Solved – numerical solution to a mixture model of two normal distributions

gaussian mixture distributionnormal distribution

I'm building a mixture model with the two normal distributions
$\mathcal{N}(\mu_1,\sigma_{1}^{2})$ and $\mathcal{N}(\mu_2,\sigma_{2}^{2})$.
So, the density function is
$$
f(x) = p_1 N(x; \mu_1, \sigma_1^2) + p_2 N(x; \mu_2, \sigma_2^2),
$$
where $p_1+p_2=1$, and
$$
N(x;\mu,\sigma) = \frac{1}{\sqrt{2\pi \sigma^2}}\exp\left\{-\frac{(x-\mu)^2}{2\sigma^2}\right\}.
$$.

Suppose I have all the sampling data, is there some numerical solution or formula that could derive $p_1$, $\mu_1$, $\sigma_1$ and $p_2$, $\mu_2$, $\sigma_2$?

Best Answer

The approach depends on whether the sampling data includes or not an indicator variable that specifies from which normal distribution each observation is issued.

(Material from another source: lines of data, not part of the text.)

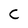
Character: C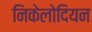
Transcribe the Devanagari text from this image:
निकेलोदियन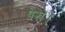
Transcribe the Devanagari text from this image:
पेख।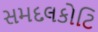
સમદલકોટિ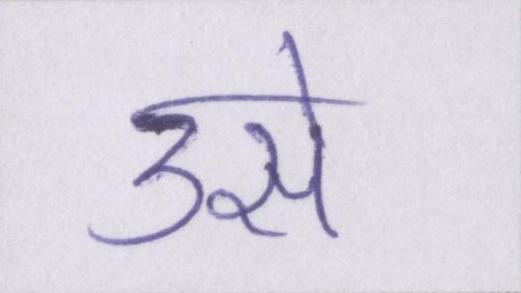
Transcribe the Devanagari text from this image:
उसे
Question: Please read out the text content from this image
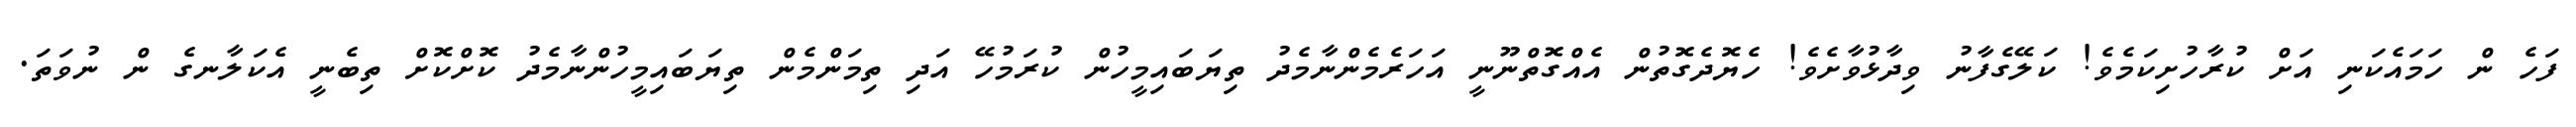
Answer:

If the data includes this indicator variable you might simply split the data in two sub-samples corresponding to the distribution from which the data originates, and fit the two normal distribution separately using maximum likelihood. The parameters $p_1$ and $p_2$ can be estimated by the proportion of samples that come respectively from the first and second normal distribution.

If the data doesn't include this indicator variable, which is most common in practice, then you might use the Expectation-Maximization (EM) algorithm. The classical example with a mixture of two normal distributions is explained here.